The opinion of the court was delivered by: BYERS

Motion to dismiss petition to review order of referee denying discharge.

The sole creditor of the above-named bankrupt has successfully contested his discharge before the referee, and the correctness of that ruling is contested under the following showing: The creditor, Quern, recovered a deficiency judgment in foreclosure of a mortgage executed by the bankrupt in June of 1941, which took the place of an unrecorded mortgage dated November 4, 1937, and which is the source of the creditor's status in this proceeding.

 The specification of objection which was sustained is confined to the bankrupt's application for a loan to the National City Bank, dated February 4, 1941, over three years after Quern's claim arose; the loan was for $ 204, and was stated to have been sought to pay for medical service; that loan was paid in due course.

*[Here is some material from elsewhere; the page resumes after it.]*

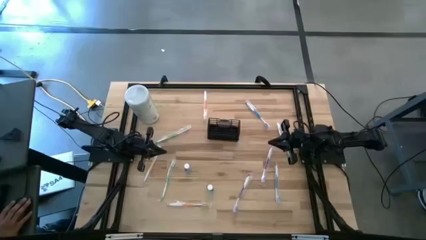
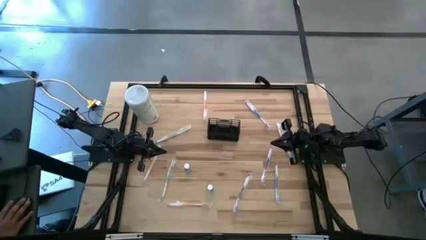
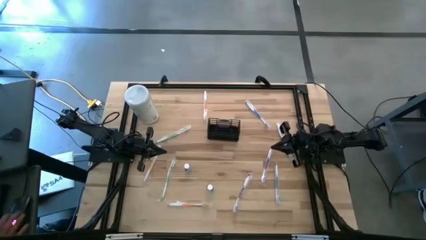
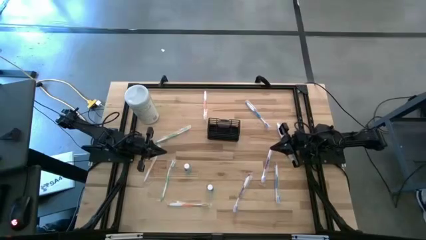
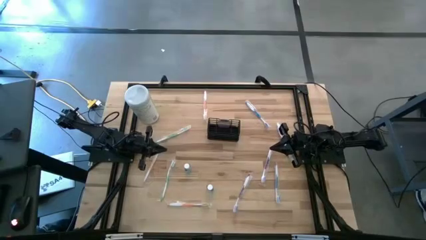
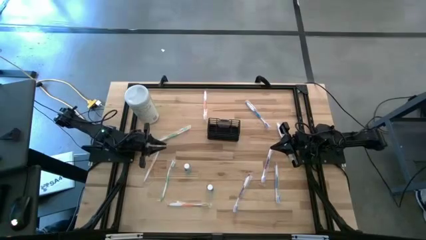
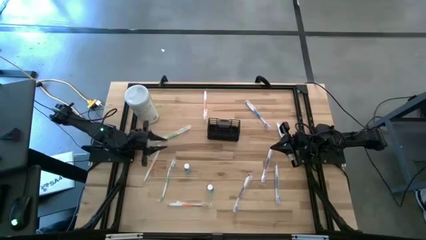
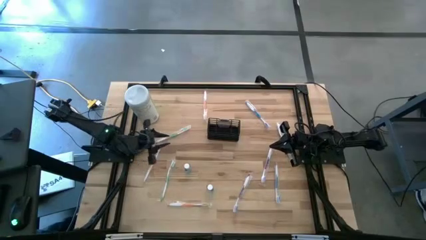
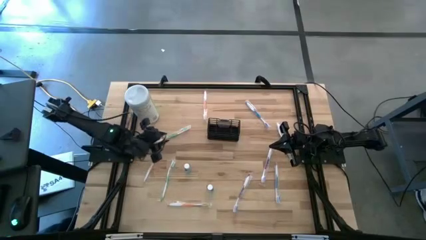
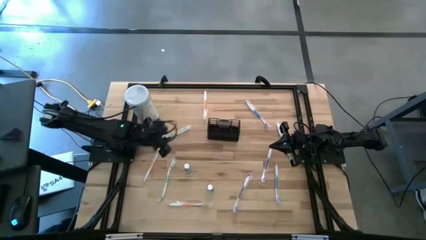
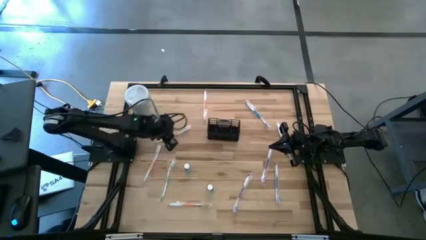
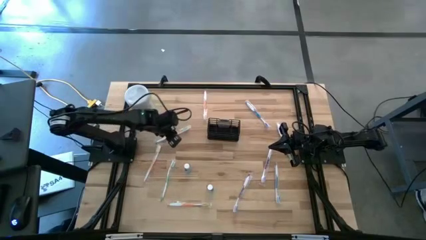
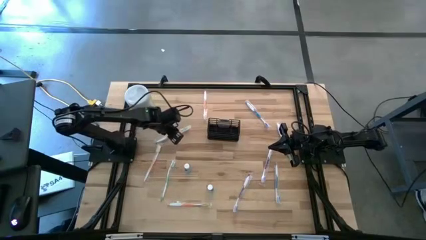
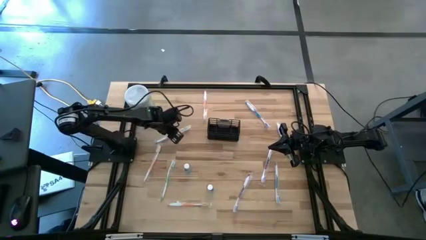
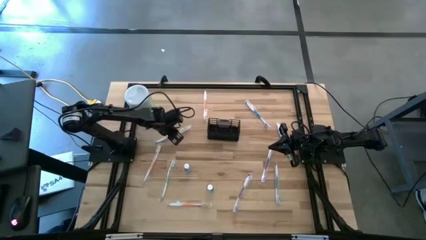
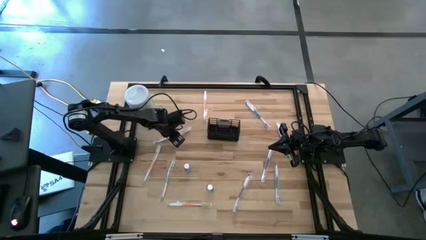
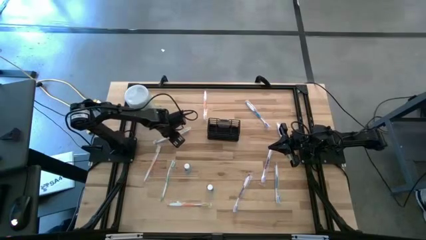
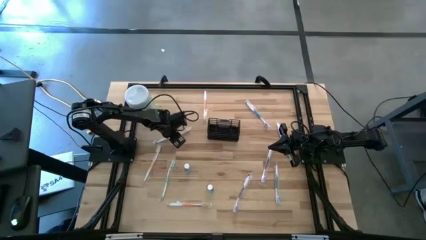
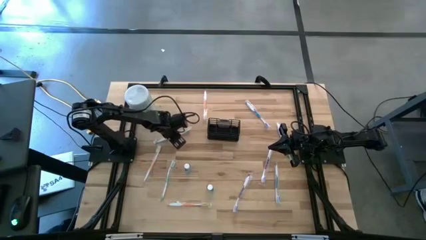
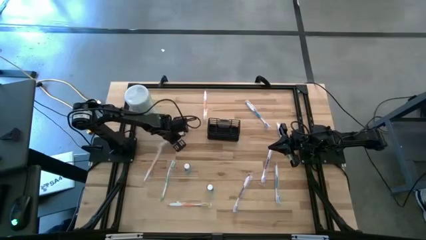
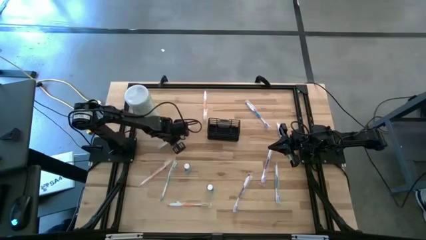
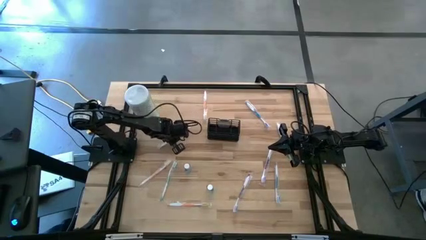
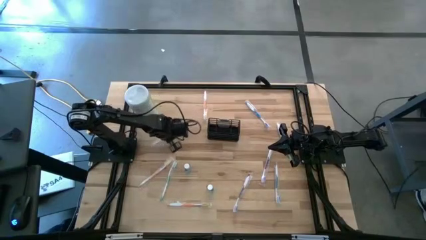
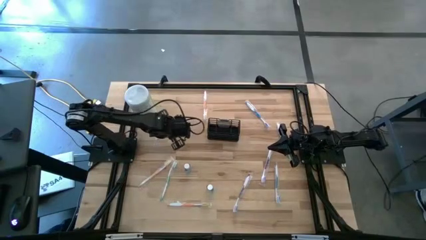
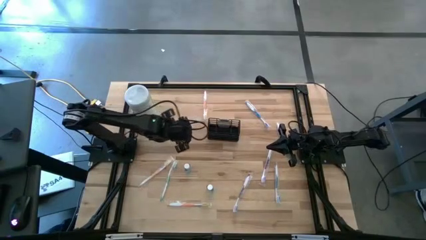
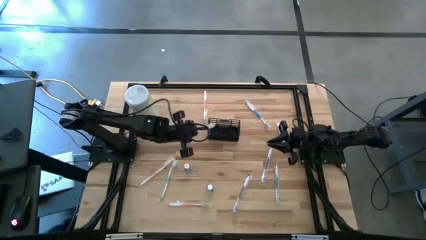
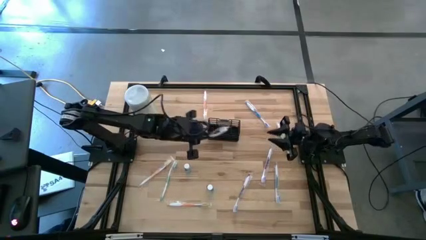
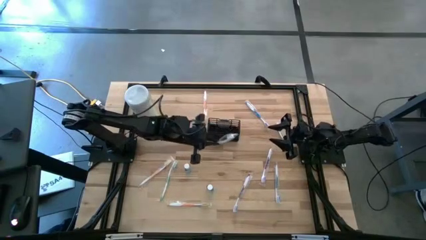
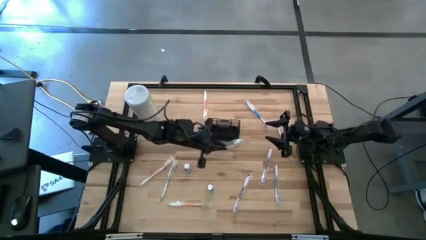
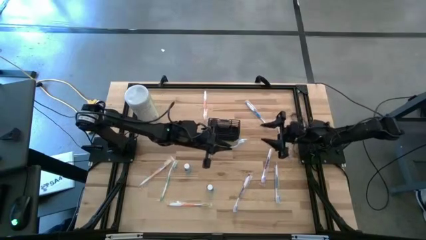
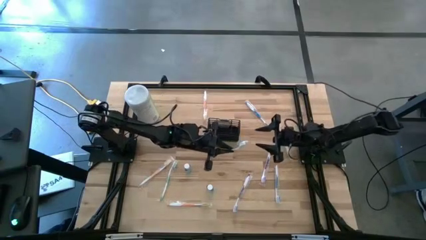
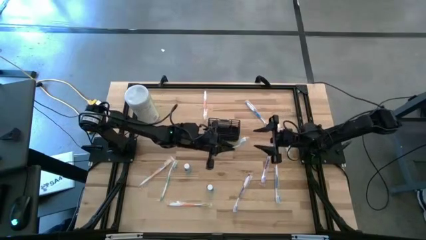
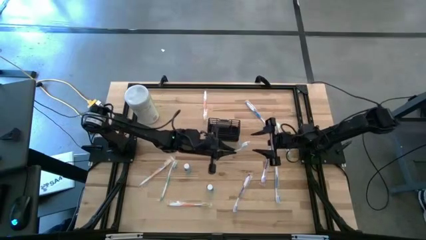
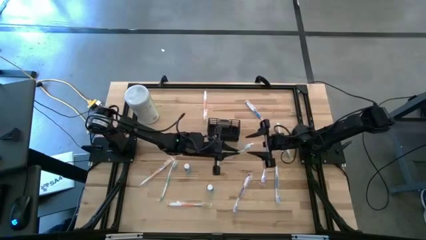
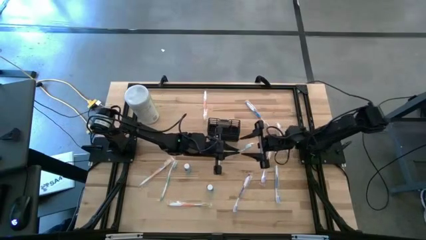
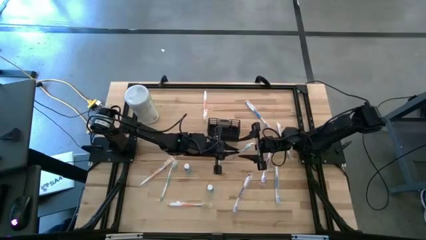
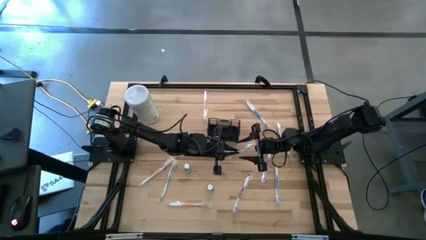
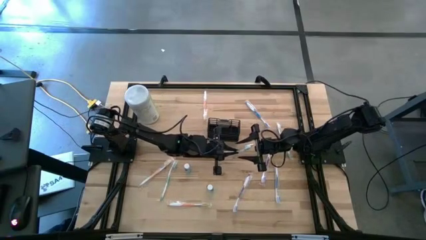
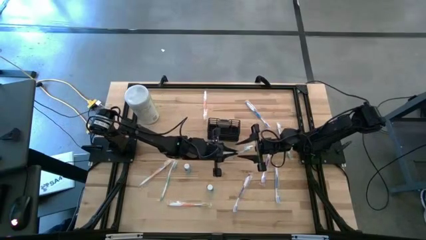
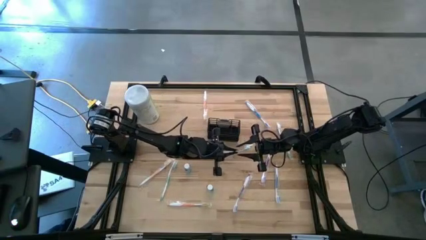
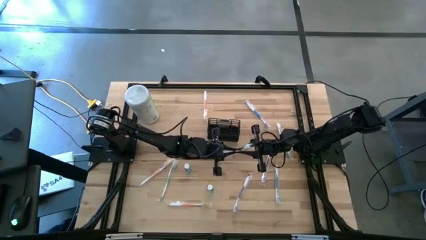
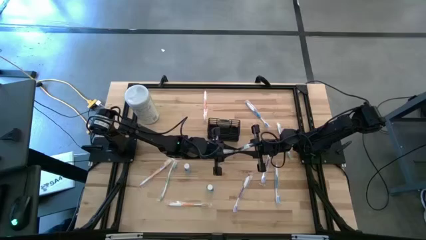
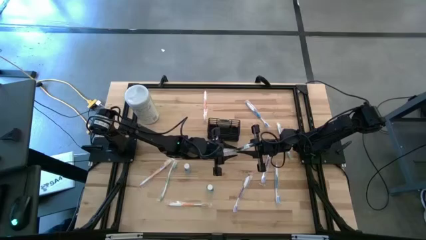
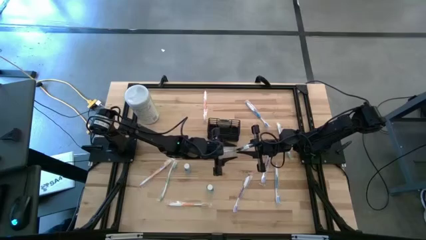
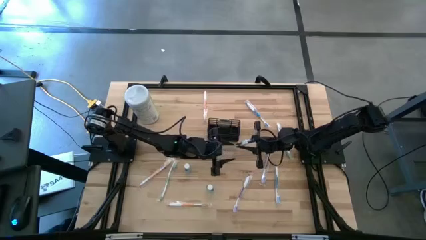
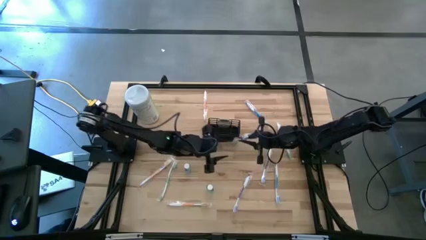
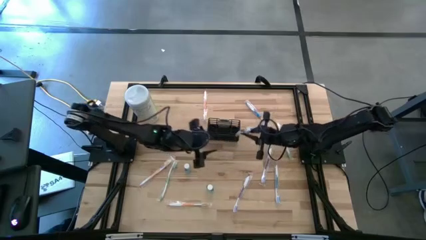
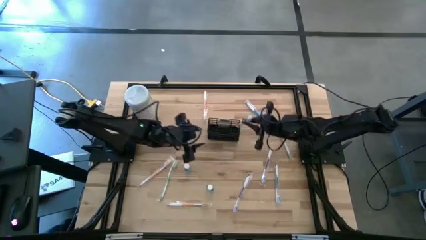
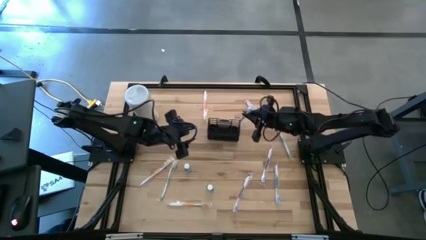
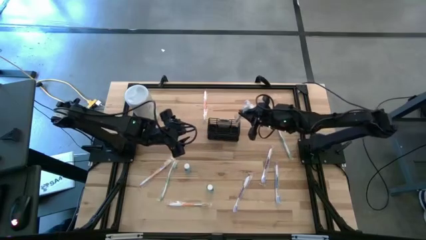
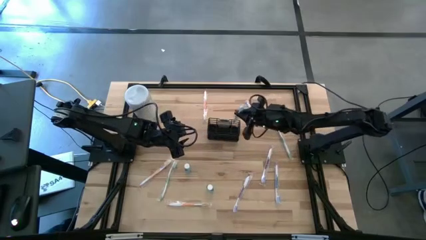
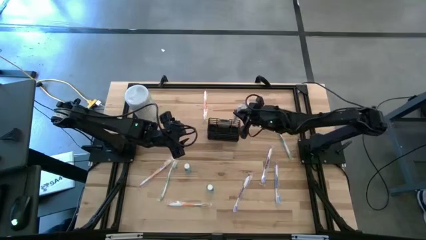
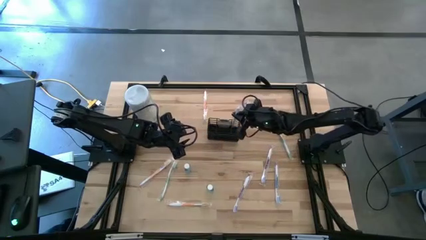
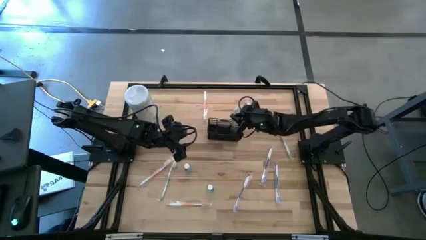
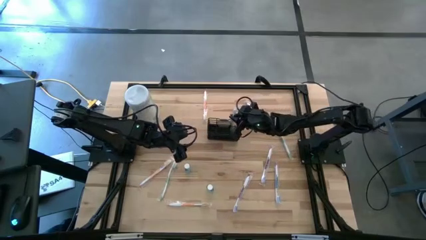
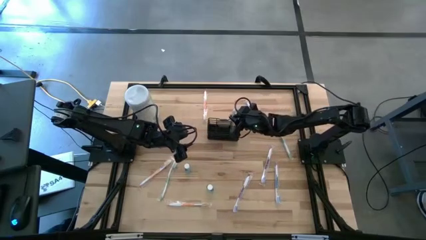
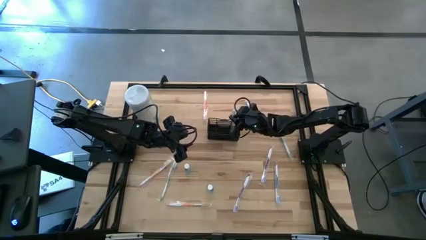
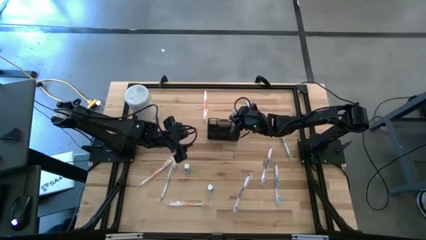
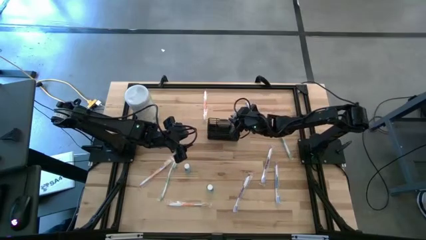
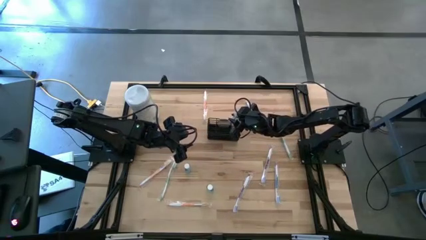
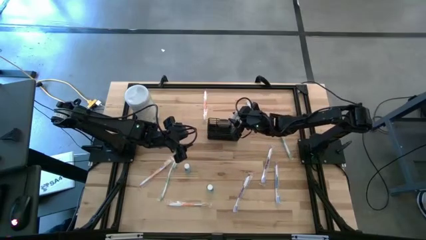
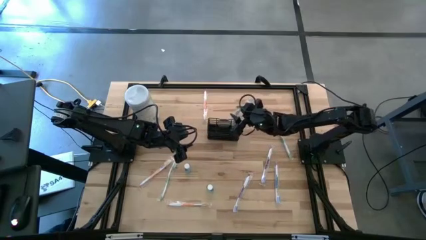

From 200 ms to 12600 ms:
Task: Pick & Place toothbrushing station
Put the top left green toothbrush into the mesh organizer

 The specification is extended in form, as will be seen:

 '1. That the bankrupt prior to the filing of the petition in bankruptcy, in order to obtain money and property on credit and/or obtain an extension or renewal of credit from the National City Bank, did make, issue and publish, in violation of the Bankruptcy Act, a false statement in writing, respecting his financial condition, in that the bankrupt issued a false financial statement in writing on February 4th, 1941 to the National City Bank respecting his financial condition, wherein the bankrupt stated, amongst other things, that the only lien against the property owned by him at 130 Kenilworth Place, Brooklyn, New York, was a mortgage of $ 6975.00 held by the Flatbush Savings Bank of Brooklyn and that he had no other loans outstanding and was making no installment payments and that all taxes, assessments and fire insurance were up to date except water taxes for $ 25.00 due February 1st, 1941, whereas in fact the bankrupt was indebted to Frederick G. Quern in a sum in excess of $ 5,000.00, which obligation was incurred by the bankrupt in connection with the purchase of the premises of 130 Kenilworth Place, Brooklyn, N.Y., and which purchase constituted a lien against the premises, evidenced by the unrecorded bond and third mortgage. That there was also outstanding a second mortgage against the property held by Winwell Realty Co.; the bankrupt was also indebted upon outstanding loans to Frederick G. Quern, Mary Jane Haggerty, Margaret Soden and Thomas F. Demic in excess of $ 3500.00, and the bankrupt was making installment payments upon said obligations, as well as to the Flatbush Savings Bank, and in addition the bankrupt was in arrears on taxes owing upon the said premises, and further, based upon the said statement, the bankrupt did obtain money by way of a loan from the National City Bank on or about February 6th, 1941 and said bankrupt issued the said statement knowing full well that the National City Bank would rely upon said statement, and the National City Bank upon reliance of said statement, did grant a loan to the bankrupt on February 6th, 1941 for $ 204.00.'

 The specification is addressed to Section 14, sub. c(3) of the Act, 11 U.S.C.A. § 32, sub. c(3), which provides that the discharge shall be denied if it appears that the bankrupt 'obtained money or property on credit, or obtained an extension or renewal of credit, by making or publishing or causing to be made or published in any manner whatsoever, a materially false statement in writing respecting his financial condition'.

 Collier (14th Edition) at page 1351 contains this resume of the law as it has been expounded:

 'It has been held that an intent to defraud is essential; the word 'false' means more than erroneous or untrue and imports an intention to deceive, and a materially false statement in writing must have been knowingly or intentionally untrue to bar a discharge. Intention to deceive is always material as an element of proof, and, by the weight of authority, such intent is an essential element. It must be shown that the bankrupt's alleged false statement in writing was either knowingly false or made so recklessly as to warrant a finding that he acted fraudulently. * * * '

 Such of the numerous authorities in support of the text as the Court has been able to examine are in accord with the quotation.

 Concededly, if the statement furnished to the bank fell within the prohibition of the statute, the bankrupt was under the burden of demonstrating a lack of intent to deceive the bank, and the record has been examined in the light of that understanding.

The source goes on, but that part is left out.